We used Adam optimization during training network with default learning rate as specified in the OpenCV library. However, we also used Stochastic Gradient Descent (SGD) but in this case, you have to manually set these parameters, as with default learning rate SGD gives low training and validation accuracy. We trained it with 50 epochs. It took around 2 hours to train CNN model in a 6GB RAM CPU. The accuracy of the model was around 94%. The output of real-time testing is shown in the video below. Bandicam software is used to record desktop activity.
The application finds blue pointer and makes a circle around that, then it finds the center of circle to draw lines or curve followed by hand movement. You can replace blue color pointer with other colors too. For that, you need to give appropriate RGB color combination in the code. As per the drawing pattern, model guesses and shows the predicted emoji as output. However, sometimes it couldn’t classify object correctly. The obvious reason is real-time application is sensitive to noise, background color and quality of sensor used for acquisition of video stream. However, accuracy of the system can be improved by training it with more number of epochs, keeping hand with blue pointer close enough to webcam.

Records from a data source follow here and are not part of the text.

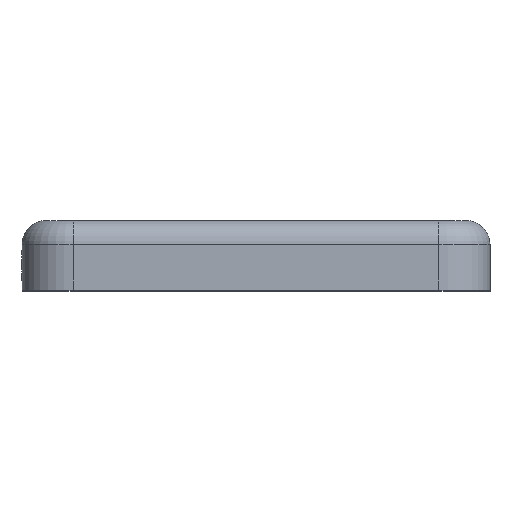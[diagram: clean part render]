
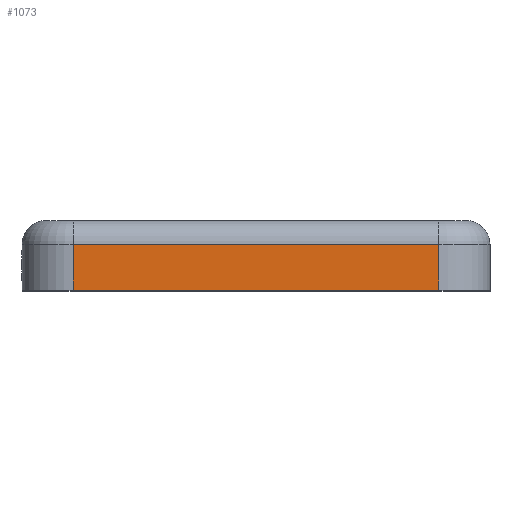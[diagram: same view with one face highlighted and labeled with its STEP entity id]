
A CAD part, top view. The second image highlights one B-rep face of the part: STEP entity #1073.
In plain terms, the highlighted planar face has unit normal (0, 0, 1).
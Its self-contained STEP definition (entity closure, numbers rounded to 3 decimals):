
#70 = CARTESIAN_POINT ( 'NONE',  ( -6.04, -0.8, 12.82 ) ) ;
#151 = LINE ( 'NONE', #731, #1315 ) ;
#190 = FACE_OUTER_BOUND ( 'NONE', #1563, .T. ) ;
#219 = VERTEX_POINT ( 'NONE', #2114 ) ;
#247 = ORIENTED_EDGE ( 'NONE', *, *, #1995, .F. ) ;
#262 = DIRECTION ( 'NONE',  ( 1., 0., 0. ) ) ;
#349 = ORIENTED_EDGE ( 'NONE', *, *, #1231, .T. ) ;
#376 = VECTOR ( 'NONE', #851, 1000. ) ;
#592 = VERTEX_POINT ( 'NONE', #1484 ) ;
#718 = DIRECTION ( 'NONE',  ( 1., 0., 0. ) ) ;
#719 = ORIENTED_EDGE ( 'NONE', *, *, #2020, .T. ) ;
#731 = CARTESIAN_POINT ( 'NONE',  ( -6.04, -2.3, 12.82 ) ) ;
#824 = AXIS2_PLACEMENT_3D ( 'NONE', #853, #868, #262 ) ;
#851 = DIRECTION ( 'NONE',  ( 1., 0., 0. ) ) ;
#853 = CARTESIAN_POINT ( 'NONE',  ( -6.04, 0., 12.82 ) ) ;
#868 = DIRECTION ( 'NONE',  ( 0., 0., 1. ) ) ;
#945 = CARTESIAN_POINT ( 'NONE',  ( 6.04, 0., 12.82 ) ) ;
#948 = VERTEX_POINT ( 'NONE', #1620 ) ;
#1073 = ADVANCED_FACE ( 'NONE', ( #190 ), #1638, .T. ) ;
#1231 = EDGE_CURVE ( 'NONE', #1979, #592, #1805, .T. ) ;
#1315 = VECTOR ( 'NONE', #718, 1000. ) ;
#1484 = CARTESIAN_POINT ( 'NONE',  ( -6.04, -2.3, 12.82 ) ) ;
#1530 = LINE ( 'NONE', #945, #1824 ) ;
#1563 = EDGE_LOOP ( 'NONE', ( #719, #2455, #247, #349 ) ) ;
#1570 = CARTESIAN_POINT ( 'NONE',  ( -6.04, 0., 12.82 ) ) ;
#1620 = CARTESIAN_POINT ( 'NONE',  ( 6.04, -2.3, 12.82 ) ) ;
#1638 = PLANE ( 'NONE',  #824 ) ;
#1805 = LINE ( 'NONE', #1570, #2353 ) ;
#1824 = VECTOR ( 'NONE', #2308, 1000. ) ;
#1979 = VERTEX_POINT ( 'NONE', #70 ) ;
#1995 = EDGE_CURVE ( 'NONE', #1979, #219, #2467, .T. ) ;
#2020 = EDGE_CURVE ( 'NONE', #592, #948, #151, .T. ) ;
#2051 = CARTESIAN_POINT ( 'NONE',  ( -6.04, -0.8, 12.82 ) ) ;
#2080 = DIRECTION ( 'NONE',  ( 0., -1., 0. ) ) ;
#2114 = CARTESIAN_POINT ( 'NONE',  ( 6.04, -0.8, 12.82 ) ) ;
#2288 = EDGE_CURVE ( 'NONE', #219, #948, #1530, .T. ) ;
#2308 = DIRECTION ( 'NONE',  ( 0., -1., 0. ) ) ;
#2353 = VECTOR ( 'NONE', #2080, 1000. ) ;
#2455 = ORIENTED_EDGE ( 'NONE', *, *, #2288, .F. ) ;
#2467 = LINE ( 'NONE', #2051, #376 ) ;
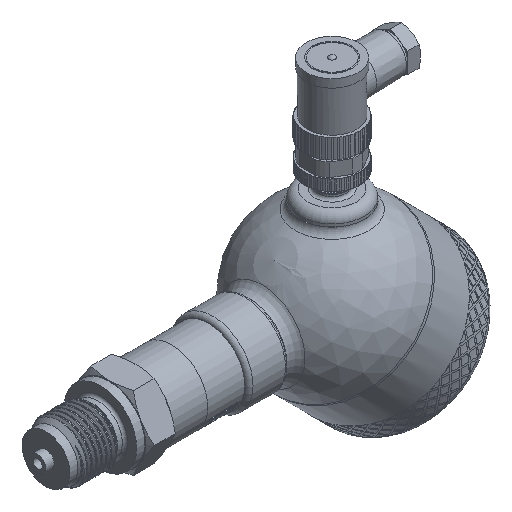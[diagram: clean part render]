
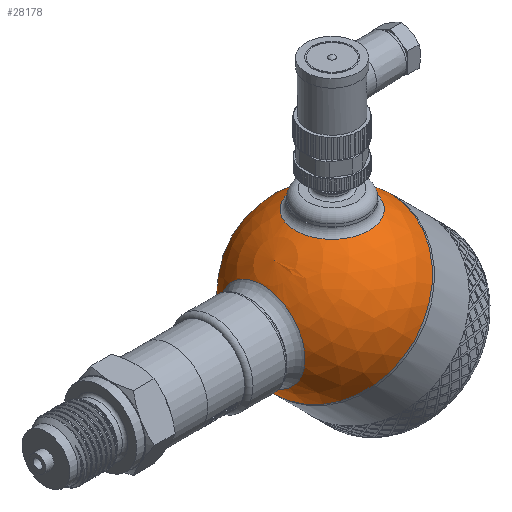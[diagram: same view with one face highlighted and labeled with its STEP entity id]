
A CAD part, isometric view. The second image highlights one B-rep face of the part: STEP entity #28178.
In plain terms, the highlighted spherical face has radius 30 mm.
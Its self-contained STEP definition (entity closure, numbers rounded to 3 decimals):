
#45=SPHERICAL_SURFACE('',#29893,30.);
#126=FACE_BOUND('',#3764,.T.);
#127=FACE_BOUND('',#3765,.T.);
#1965=FACE_OUTER_BOUND('',#3763,.T.);
#3763=EDGE_LOOP('',(#20072,#20073,#20074,#20075));
#3764=EDGE_LOOP('',(#20076));
#3765=EDGE_LOOP('',(#20077));
#5473=CIRCLE('',#29816,30.);
#5474=CIRCLE('',#29817,30.);
#5501=CIRCLE('',#29889,13.5);
#5504=CIRCLE('',#29894,30.);
#5505=CIRCLE('',#29895,15.643);
#10949=VERTEX_POINT('',#40337);
#10950=VERTEX_POINT('',#40339);
#11425=VERTEX_POINT('',#46401);
#11427=VERTEX_POINT('',#46408);
#11428=VERTEX_POINT('',#46410);
#13982=EDGE_CURVE('',#10949,#10950,#5473,.T.);
#13983=EDGE_CURVE('',#10950,#10949,#5474,.T.);
#14698=EDGE_CURVE('',#11425,#11425,#5501,.T.);
#14701=EDGE_CURVE('',#10950,#11427,#5504,.T.);
#14702=EDGE_CURVE('',#11428,#11428,#5505,.T.);
#20072=ORIENTED_EDGE('',*,*,#13983,.F.);
#20073=ORIENTED_EDGE('',*,*,#14701,.T.);
#20074=ORIENTED_EDGE('',*,*,#14701,.F.);
#20075=ORIENTED_EDGE('',*,*,#13982,.F.);
#20076=ORIENTED_EDGE('',*,*,#14702,.F.);
#20077=ORIENTED_EDGE('',*,*,#14698,.F.);
#28178=ADVANCED_FACE('',(#1965,#126,#127),#45,.T.);
#29816=AXIS2_PLACEMENT_3D('',#40340,#31639,#31640);
#29817=AXIS2_PLACEMENT_3D('',#40341,#31641,#31642);
#29889=AXIS2_PLACEMENT_3D('',#46402,#32037,#32038);
#29893=AXIS2_PLACEMENT_3D('',#46407,#32045,#32046);
#29894=AXIS2_PLACEMENT_3D('',#46409,#32047,#32048);
#29895=AXIS2_PLACEMENT_3D('',#46411,#32049,#32050);
#31639=DIRECTION('center_axis',(1.,0.,0.));
#31640=DIRECTION('ref_axis',(0.,1.,0.));
#31641=DIRECTION('center_axis',(1.,0.,0.));
#31642=DIRECTION('ref_axis',(0.,1.,0.));
#32037=DIRECTION('center_axis',(-0.707,0.,-0.707));
#32038=DIRECTION('ref_axis',(-0.707,0.,0.707));
#32045=DIRECTION('center_axis',(1.,0.,0.));
#32046=DIRECTION('ref_axis',(0.,-1.,0.));
#32047=DIRECTION('center_axis',(0.,0.,1.));
#32048=DIRECTION('ref_axis',(0.,1.,0.));
#32049=DIRECTION('center_axis',(-0.707,0.,0.707));
#32050=DIRECTION('ref_axis',(0.707,0.,0.707));
#40337=CARTESIAN_POINT('',(0.,-30.,0.));
#40339=CARTESIAN_POINT('',(0.,30.,0.));
#40340=CARTESIAN_POINT('Origin',(0.,0.,0.));
#40341=CARTESIAN_POINT('Origin',(0.,0.,0.));
#46401=CARTESIAN_POINT('',(-9.398,0.,-28.49));
#46402=CARTESIAN_POINT('Origin',(-18.944,0.,-18.944));
#46407=CARTESIAN_POINT('Origin',(0.,0.,0.));
#46408=CARTESIAN_POINT('',(-30.,0.,0.));
#46409=CARTESIAN_POINT('Origin',(0.,0.,0.));
#46410=CARTESIAN_POINT('',(-29.162,0.,7.04));
#46411=CARTESIAN_POINT('Origin',(-18.101,0.,18.101));

The source code of this application is available at GitHub repository. You can download and use it to train your own CNN model. The installation process of required packages is also mentioned at GitHub page.
Thanks to Jayeeta Chakraborty, who helped me to develop this project. I would also like to thank Akshay Bahadur for his excellent tutorial and code. However, I made some improvement in CNN architecture by adding extra convolutional and dropout layers to improve performance of system. Hope this article and code will help you to develop other similar real-time applications.